What Google hopes is its lead in AI technology will attract users to their ecosystem. How? By Google Home being able to do smarter and more sophisticated things than anyone else.
Here’s an example of something Google can do that Amazon can’t do: “Hey Google, remind me to buy strawberries next time I’m at the Costco in Santa Cruz.”
Let’s unpack this. Google Home is a cloud service, so it works like the Echo. Google Home notices I said Hey Google. It then passes whatever I say to Google’s cloud. Like the Echo, possibly hundreds of computers will work on figuring out what I said, what I meant, and what I want to have happen.

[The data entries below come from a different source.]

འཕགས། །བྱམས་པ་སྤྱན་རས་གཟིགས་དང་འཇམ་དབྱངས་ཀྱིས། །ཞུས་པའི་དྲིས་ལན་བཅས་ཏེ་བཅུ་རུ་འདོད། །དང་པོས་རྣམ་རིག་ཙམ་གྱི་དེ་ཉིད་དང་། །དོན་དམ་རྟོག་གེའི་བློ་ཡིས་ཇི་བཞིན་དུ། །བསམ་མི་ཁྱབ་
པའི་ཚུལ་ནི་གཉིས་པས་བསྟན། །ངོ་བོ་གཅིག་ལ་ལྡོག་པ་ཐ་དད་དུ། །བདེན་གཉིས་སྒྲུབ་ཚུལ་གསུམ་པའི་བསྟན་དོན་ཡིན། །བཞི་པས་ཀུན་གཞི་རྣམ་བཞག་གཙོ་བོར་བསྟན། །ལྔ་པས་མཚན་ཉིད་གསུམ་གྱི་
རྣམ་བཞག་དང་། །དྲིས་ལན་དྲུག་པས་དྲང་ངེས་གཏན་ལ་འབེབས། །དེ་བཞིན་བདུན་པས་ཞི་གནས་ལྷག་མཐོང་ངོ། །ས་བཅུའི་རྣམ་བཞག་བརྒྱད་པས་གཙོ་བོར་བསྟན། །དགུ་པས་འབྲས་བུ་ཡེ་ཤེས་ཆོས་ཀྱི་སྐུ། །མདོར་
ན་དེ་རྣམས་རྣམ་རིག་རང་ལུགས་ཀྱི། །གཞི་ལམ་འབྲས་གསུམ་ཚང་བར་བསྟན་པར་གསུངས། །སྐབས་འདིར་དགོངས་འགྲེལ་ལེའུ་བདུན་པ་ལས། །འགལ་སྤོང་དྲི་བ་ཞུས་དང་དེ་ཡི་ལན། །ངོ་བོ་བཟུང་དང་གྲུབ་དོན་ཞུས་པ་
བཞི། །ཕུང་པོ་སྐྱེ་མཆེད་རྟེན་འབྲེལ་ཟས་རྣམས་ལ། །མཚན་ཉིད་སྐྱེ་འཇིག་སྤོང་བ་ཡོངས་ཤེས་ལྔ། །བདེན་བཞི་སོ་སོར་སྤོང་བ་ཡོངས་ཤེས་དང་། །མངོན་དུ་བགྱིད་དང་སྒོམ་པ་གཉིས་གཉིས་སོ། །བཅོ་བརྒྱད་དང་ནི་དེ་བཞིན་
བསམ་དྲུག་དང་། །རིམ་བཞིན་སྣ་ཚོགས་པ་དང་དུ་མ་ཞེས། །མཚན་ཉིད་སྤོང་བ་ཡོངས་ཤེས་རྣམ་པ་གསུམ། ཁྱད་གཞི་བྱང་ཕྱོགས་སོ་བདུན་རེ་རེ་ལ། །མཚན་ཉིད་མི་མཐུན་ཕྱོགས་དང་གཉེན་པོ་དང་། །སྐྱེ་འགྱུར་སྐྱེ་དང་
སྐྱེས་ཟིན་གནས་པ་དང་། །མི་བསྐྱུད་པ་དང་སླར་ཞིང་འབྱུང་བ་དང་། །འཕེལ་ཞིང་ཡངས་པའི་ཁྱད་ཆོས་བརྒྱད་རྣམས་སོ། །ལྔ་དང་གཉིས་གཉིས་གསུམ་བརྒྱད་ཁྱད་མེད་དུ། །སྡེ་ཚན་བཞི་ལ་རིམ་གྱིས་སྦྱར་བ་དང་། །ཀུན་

Google will see that I said remind me. So it knows I’m creating a reminder. A reminder for what? A reminder to buy strawberries. The difference here is Google knows what strawberries are. It knows strawberries can be bought in stores and it uses that information to create richer services.
That’s why Google can make sense of next time I’m at the Costco in Santa Cruz. Like a human Google can reason from my wanting a thing called a strawberry, to knowing what next time means, and knowing what Costco in Santa Cruz means, to build an alert that will notify me once and only once that I should buy strawberries if I’m in the store.
To make this work, Google has to have a lot of practical knowledge. It has to understand what next time means. It has to understand Costco in Santa Cruz is a particular physical location. I can’t be at just any store, or any Costco, or anywhere in Santa Cruz. I must be in the Costco in Santa Cruz. Nowhere else.
That’s powerful stuff. It’s not simple at all to implement. In Google’s cloud, there’s some piece of software that’s constantly watching my location and then triggering the notification. When I leave the store it must know to cancel the alert because that’s what next time means. It gets complicated fast.
And Google is doing this for potentially billions of people, all over the world, all of which may have multiple such reminders outstanding at anyone time.
Now that’s proactive and in the background.
Sophisticated proactive services like these will become the norm as AI gets better, as clouds become more powerful, and ecosystems try even harder to capture you into their orbit.